Free of their oddball marriage to Christian punk/emo indie Tooth & Nail Records, differently spiritual SLC trip-hop outfit Furthermore continue a combination that works: Slick, jazzy beat-pop with thinking-man’s rhymes and airy female vox. It’s positive hip-hop that affects, but isn’t affected—which keeps you listening when Fisch rejects suicide without after-school-special cheese (“Get Well Soon”) and expresses devotion in a delightfully twisted, but surprisingly non-codependent way (“We’ll run in front of trains/ We’ll pick each other’s brains/ Off the windshield”) in the title track. (Further-More.com)


GINA FRENCH Of Rapture


Songstress Gina French’s second album in seven—count ’em, seven—years features a full backing band, a palpable rock edge and sleek production by Tom Cram (ex of Honest Engine) but still comes across as charming as her solo acoustic debut, Sacred Ground. French’s voice remains a bewitchingly expressive asset and, in the hands of her band, the candid, well-smithed songs simply leap to life. Rapture? Yer darn tootin.’ (GinaFrench.net)

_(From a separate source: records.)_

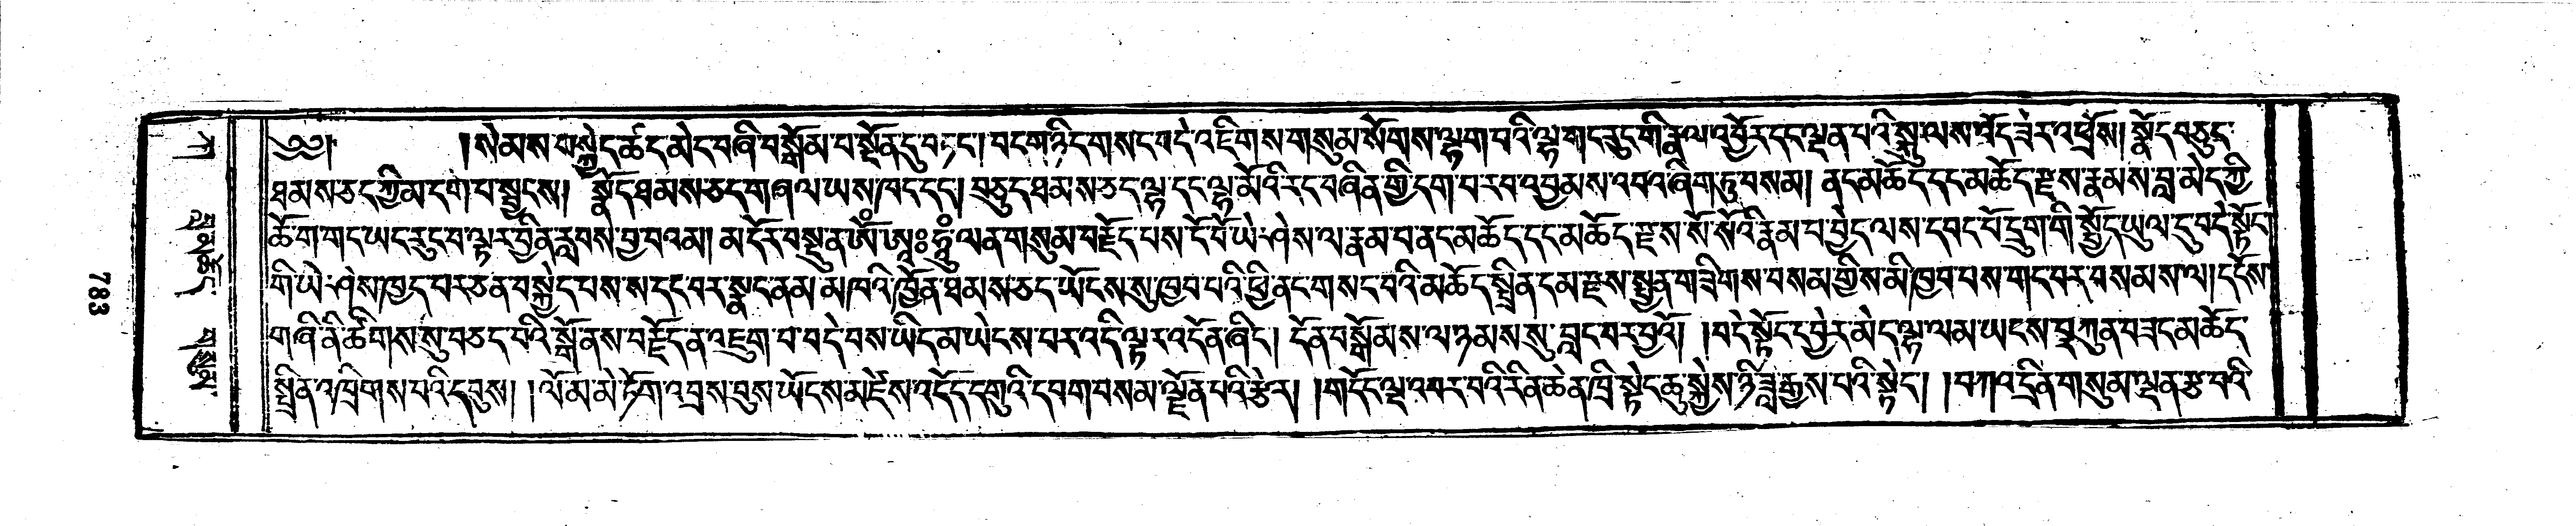༄༅། །སེམས་བསྐྱེད་ཚད་མེད་བཞི་བསྒོམ་པ་སྔོན་དུ་བཏང་། བདག་ཉིད་གསང་བདེ་འཇིགས་གསུམ་སོགས་ལྷག་པའི་ལྷ་གང་རུང་གི་རྣལ་འབྱོར་དང་ལྡན་པའི་སྐུ་ལས་འོད་ཟེར་འཕྲོས། སྣོད་བཅུད་
ཐམས་ཅད་ཀྱི་མ་དག་པ་སྦྱངས། སྣོད་ཐམས་ཅད་གཞལ་ཡས་ཁང་དང་། བཅུད་ཐམས་ཅད་ལྷ་དང་ལྷ་མོའི་རང་བཞིན་གྱི་དག་པ་རབ་འབྱམས་འབའ་ཞིག་ཏུ་བསམ། ནང་མཆོད་དང་མཆོད་རྫས་རྣམས་བླ་མེད་ཀྱི་
ཆོ་ག་གང་ཡང་རུང་བ་ལྟར་བྱིན་རླབས་བྱ་བའམ། མདོར་བསྡུ་ན་ཨོཾ་ཨཱཿ ཧཱུཾ་ལན་གསུམ་བརྗོད་པས་ངོ་བོ་ཡེ་ཤེས་ལ་རྣམ་པ་ནང་མཆོད་དང་མཆོད་རྫས་སོ་སོའི་རྣམ་པ་བྱེད་ལས་དབང་པོ་དྲུག་གི་སྤྱོད་ཡུལ་དུ་བདེ་སྟོང་
གི་ཡེ་ཤེས་ཁྱད་པར་ཅན་བསྐྱེད་པས་ས་དང་བར་སྣང་ནམ་མཁའི་ཁྱོན་ཐམས་ཅད་ཡོངས་སུ་ཁྱབ་པའི་ཕྱི་ནང་གསང་བའི་མཆོད་སྤྲིན་དམ་རྫས་སྤྱན་གཟིགས་བསམ་གྱིས་མི་ཁྱབ་པས་གང་བར་བསམས་ལ། དངོས་
གཞི་ནི་ཚིགས་སུ་བཅད་པའི་སྒོ་ནས་བརྗོད་ན་འཇུག་པ་བདེ་བས་ཡིད་མ་ཡེངས་པར་འདི་ལྟར་འདོན་ཞིང་། དོན་བསྒོམས་ལ་ཉམས་སུ་བླང་བར་བྱའོ། །བདེ་སྟོང་དབྱེར་མེད་ལྷ་ལམ་ཡངས་པར་ཀུན་བཟང་མཆོད་
སྤྲིན་འཁྲིགས་པའི་དབུས། །ལོ་མ་མེ་ཏོག་འབྲས་བུས་ཡོངས་མཛེས་འདོད་དགུའི་དཔག་བསམ་ལྗོན་པའི་རྩེར། །གདོང་ལྔ་འབར་བའི་རིན་ཆེན་ཁྲི་སྟེང་ཆུ་སྐྱེས་ཉི་ཟླ་རྒྱས་པའི་སྟེང་། །བཀའ་དྲིན་གསུམ་ལྡན་རྩ་བའི་

SPANKY VAN DYKE Sketches of Grace


Singer-songwriter Spanky Van Dyke (Real name? Sure, let’s go with it) works in an indie-pop context a la Matt Pond PA and M Ward. His songs can be, like the former’s, baroque. But like Ward, Van Dyke can reduce to a few lines and sounds, and this is where he’s most effective (see “Summer Nights”). But occasionally abundance and economy team (see the nap-to-fit ballad “A Declaration”) and really shine. (SpankyVanDyke.com)


JUPASSA Attack of the Red Dinosaurs


Deliccato member Camden Chamberlain’s Jupassa is a one-man hodgepodge of breakbeats, esoteric electronica, and even a little prog-rock (Porcupine Tree, not Dream Theater) that’s at once clever and certifiably kooky. That’s both a problem and a brownie point: after a few listens, not knowing the intent or mental makeup of the guy behind the mess keeps you blissfully off-balance, even makes you want to see these red dinosaurs for yourself. (KiteFishingFamily.com)


CRENSHAW Upside Down


Crenshaw’s unabashedly poppy “alterna-soul” is the blend that Maroon 5 and their ilk wish they could pull off: Blue-eyed soul, fun ’70s AM-radio pop, uptown singer-songwriterly (think Marc Cohn) sensibilities and musical sophistication that, if you can fathom this, could actually bridge the Harry Connick Jr. and JamBase.com crowds (dig the NOLA soul of “Mystery,” and the jammy ride-out). Well, that’s a dubious pow-wow, but good on ’em, anyway. (CrenshawtheBand.com)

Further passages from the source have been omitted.